Practical seq2seq

In my last article, I talked a bit about the theoretical aspect of the famous Sequence to Sequence Model. I have shared the code for my implementation of seq2seq - easy_seq2seq. I have adopted most of the code from en-fr translation example provided by Google. Hence, most parts of the code, that dealt with data preprocessing, model evaluation were black boxes to me and to the readers. To make matters worse, the model trained on Cornell Movie Dialog corpus performed poorly. A lot of people complained about this. After training the model for days, most of the responses were gibberish. I apologize for wasting your time.

The objective of this article is two-fold; to provide the readers with a pre-trained model that actually works and to describe how to build and train such a model from (almost) scratch.

Before doing that, let us recap what we discussed in the previous article.

Recurrent Neural Networks

Recurrent Neural Networks or simple RNNs, are a special kind of neural networks that are capable of dealing with sequential data, like videos(sequence of frames) and more commonly, text sequences or basically any sequence of symbols. The beauty of it is, the network doesn’t need to know what the symbols mean. It will infer the meaning of symbols, by looking at the structure of the text and relative positions of symbols. There are some amazing articles on RNNs and what they are capable of. To put it simply, an RNN, unlike an MLP or CNN, has an internal state. Think of this state as memory of the network. As the RNN devours a sequence (sentence), word by word, the essential information about the sentence is maintained in this memory unit (internal state), which is periodically updated in each timestep. The essence of a sentence of 7 words will be captured by an RNN, in 7 timesteps. This is just a “story” about RNN, intended to provide a high level understanding of RNN. To understand the actual mechanism of RNN, read Denny Britz’s series of articles on RNN - 1, 2 ,3, 4 and then move on to Karpathy’s The Unreasonable Effectiveness of RNNs.

The naive version of RNN, is typically called a Vanilla RNN, which is pretty pathetic in remembering long sequences. There are more complex versions of RNN, like LSTM (Long Short Term Memory) and GRU (Gated Recurrent Units) RNNs. The only difference between a Vanilla RNN and LSTM/GRU networks, is the architecture of the memory unit. An LSTM cell consists of multiple gates, for remembering useful information, forgetting unnecessary information and carefully exposing information at each time step. Christopher Olah does an amazing job explaining LSTM in this article. Check out Denny’s tutorial on GRU.

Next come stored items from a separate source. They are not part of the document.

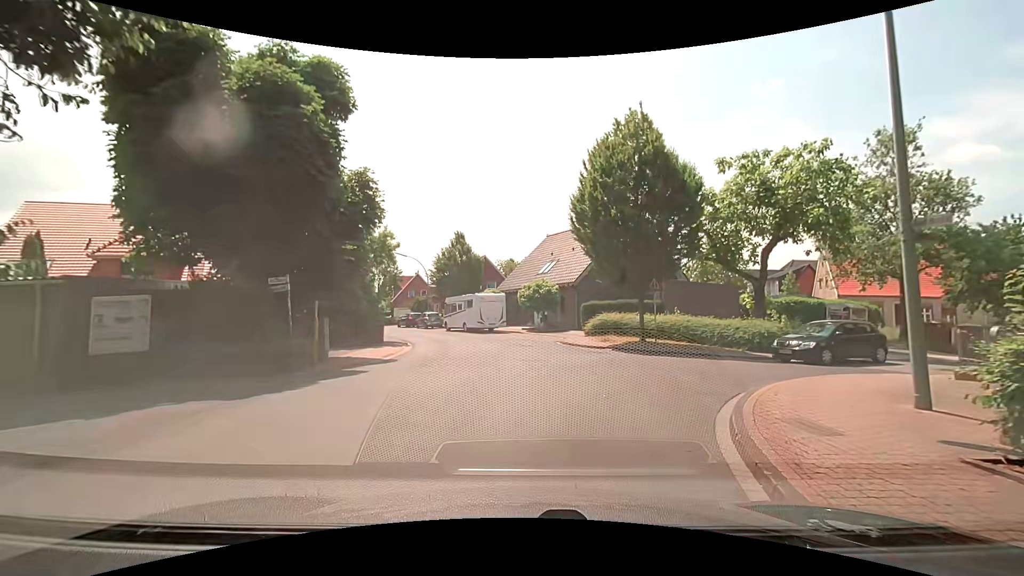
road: residential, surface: asphalt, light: Day
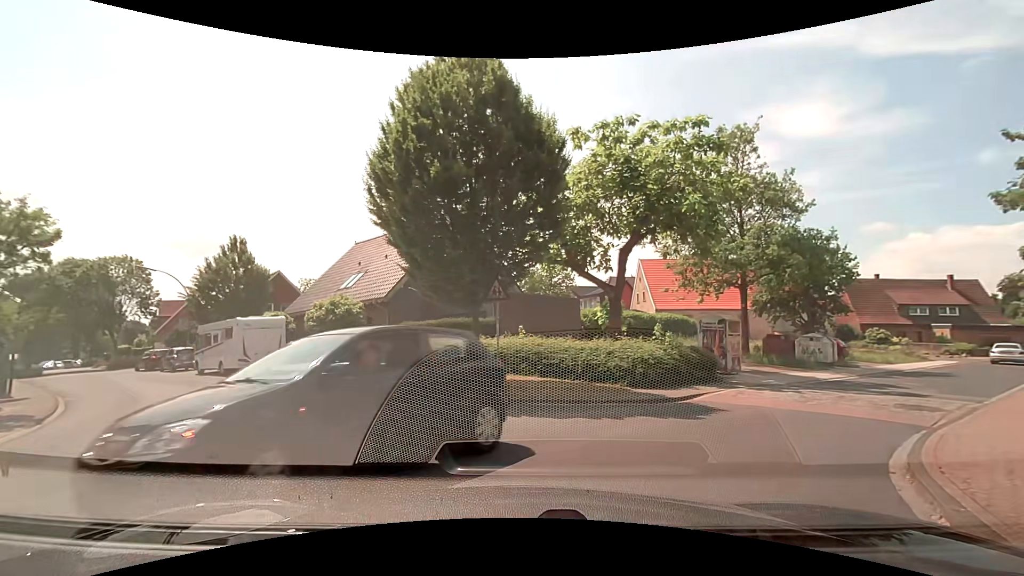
(+1.1, +8.5) m; +20°
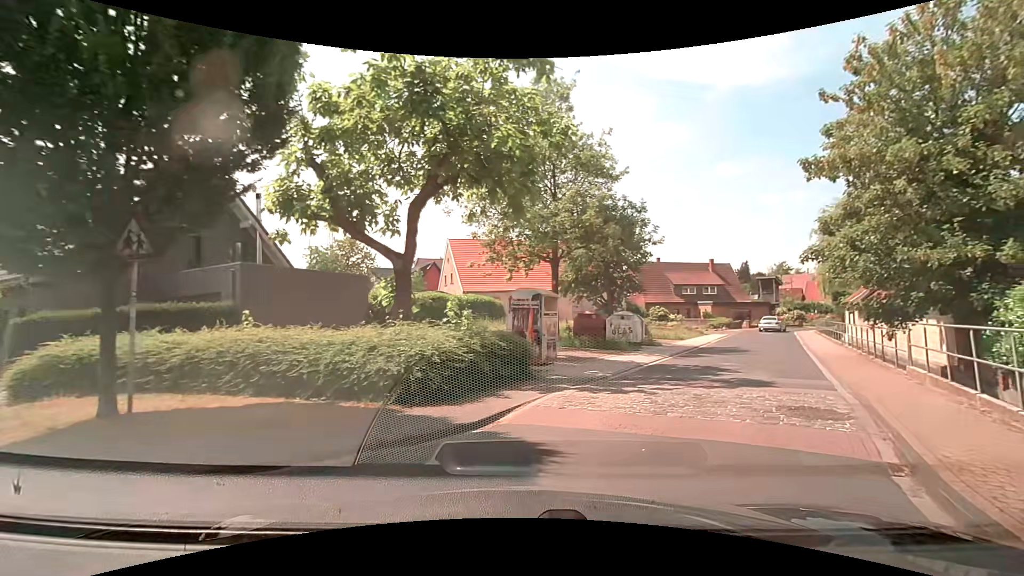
(+1.2, +5.9) m; +22°
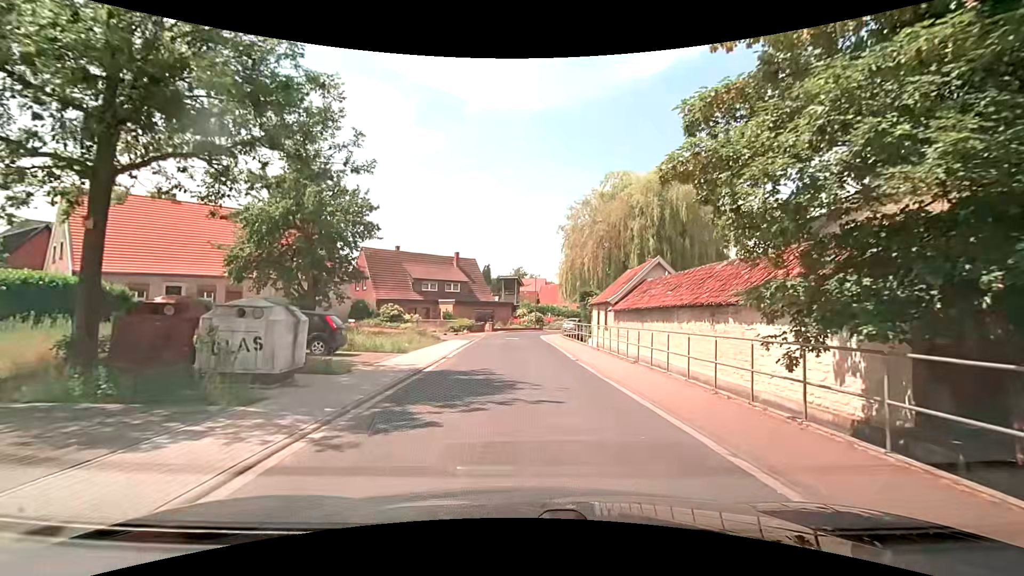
(+3.9, +12.9) m; +29°
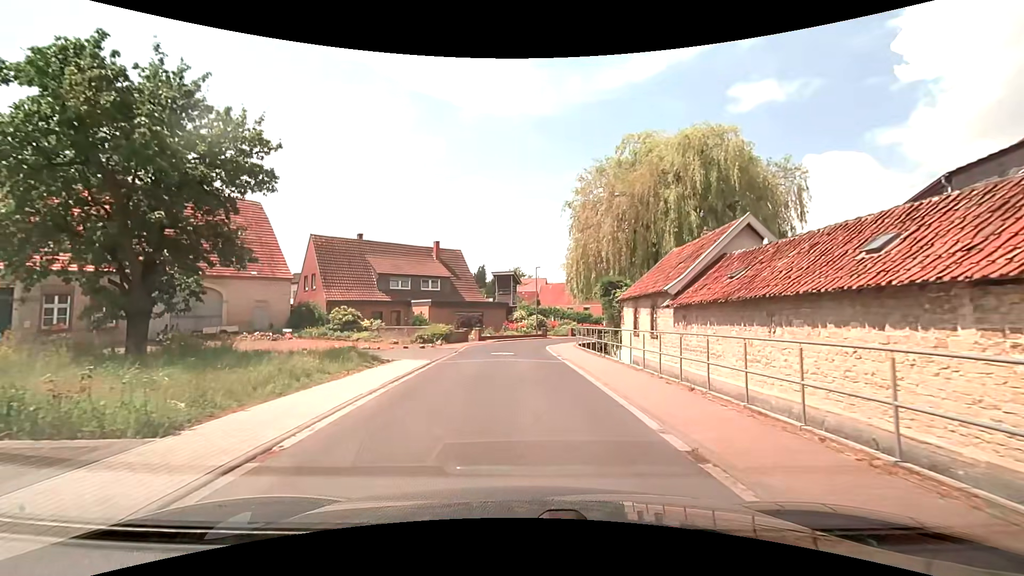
(+0.1, +12.8) m; 0°
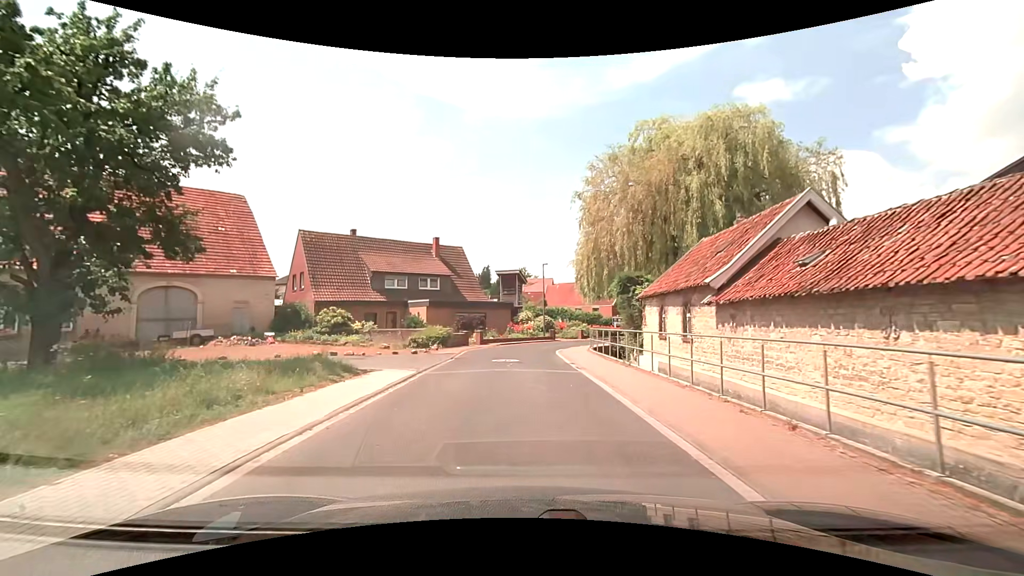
(0.0, +3.5) m; -1°
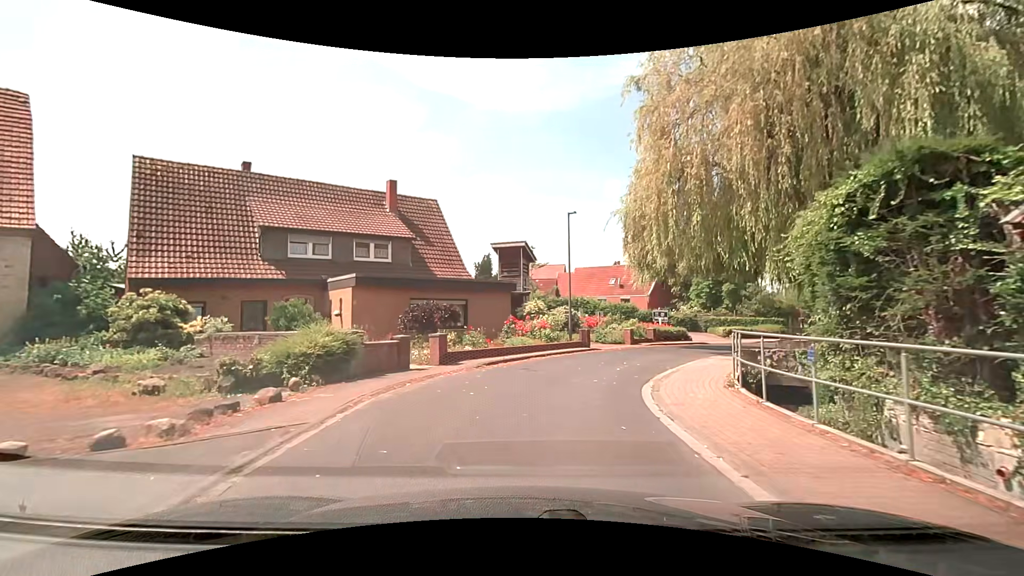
(-0.3, +17.8) m; -1°
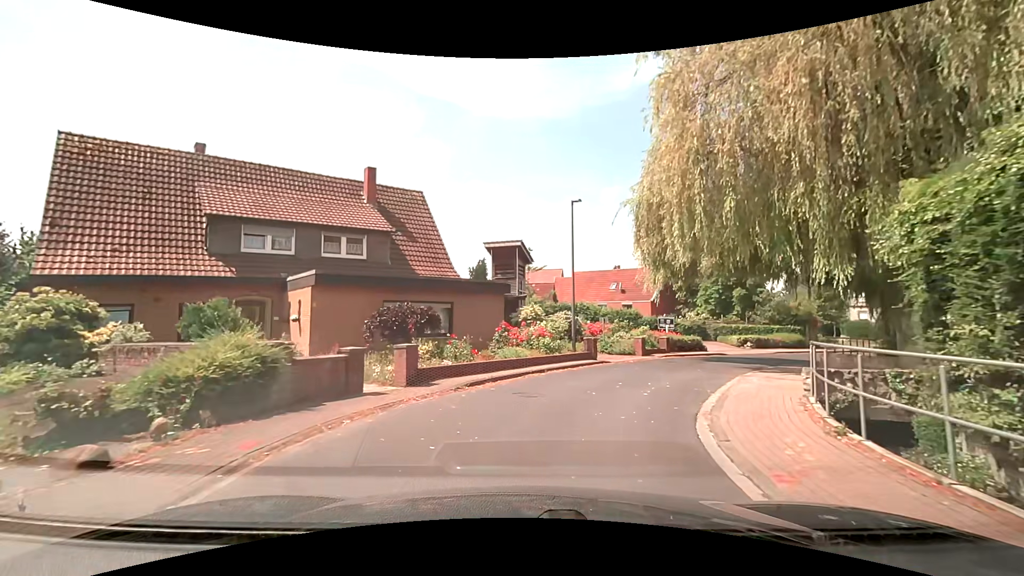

Sequence to Sequence Learning

The Sequence to Sequence model (seq2seq) consists of two RNNs - an encoder and a decoder. The encoder reads the input sequence, word by word and emits a context (a function of final hidden state of encoder), which would ideally capture the essence (semantic summary) of the input sequence. Based on this context, the decoder generates the output sequence, one word at a time while looking at the context and the previous word during each timestep. This is a ridiculous oversimplification, but it gives you an idea of what happens in seq2seq.

The context can be provided as the initial state of the decoder RNN or it can be connected to the hidden units at each time step. Now our objective is to jointly maximize the log probability of the output sequence conditioned on the input sequence.

Read these papers for a deeper understanding of seq2seq - Learning Phrase Representations using RNN Encoder-Decoder for Statistical Machine Translation, Sequence to Sequence Learning with Neural Networks, Neural Machine Translation by Jointly Learning to Align and Translate, A Neural Conversational Model.

A Working Model

As promised, here is a working model of a twitter bot based on seq2seq model. It is trained on twitter chat log borrowed from Marsan-Ma. Before going into how to bootstrap and run the code, let us look at some of the decent responses spit out by the bot.

Query	Reply
donald trump won last nights presidential debate according to snap online polls	thought he was a joke
trump campaign please never delete this	he was a joke
s new scoop is unk the castro connection how trumps company violated the us embargo against cuba	trump is a disgrace to the debate and the media is not a liar
who won the first presidential debate	trump will be a better time for a man
just wanna live in unk everything is 10x better there	i was just on the same side and i was like it was a good time
the lil girl i forgot her name scares the shit out of me n probably always will lmaooo	she was so cute and she was so cute and she was a bitch
question of the day who do you think won last nights debate weigh in using	hillary is a trump supporter and a woman who has a better job than a woman
trump is a total embarrassment hes like a unk child who happens to be a professional liar and con man	trump is a lot of money to get a great country
chill the fuck out	thats what i said
so fun to see what the special effects team created for	wow that is the best thing ive ever seen
she was fine too unk voice	she is a good guy
the important ones are still here	i dont think so
been drinking pumpkin spice protein shake every morning for a week and now i literally cannot even	me too i just got it
lmao i just lost my job and i cant even leave early to be in the unk video today	literally the same thing
hey happy birthday have a nice day	thank you

For some reason people were really into tweeting about Trump.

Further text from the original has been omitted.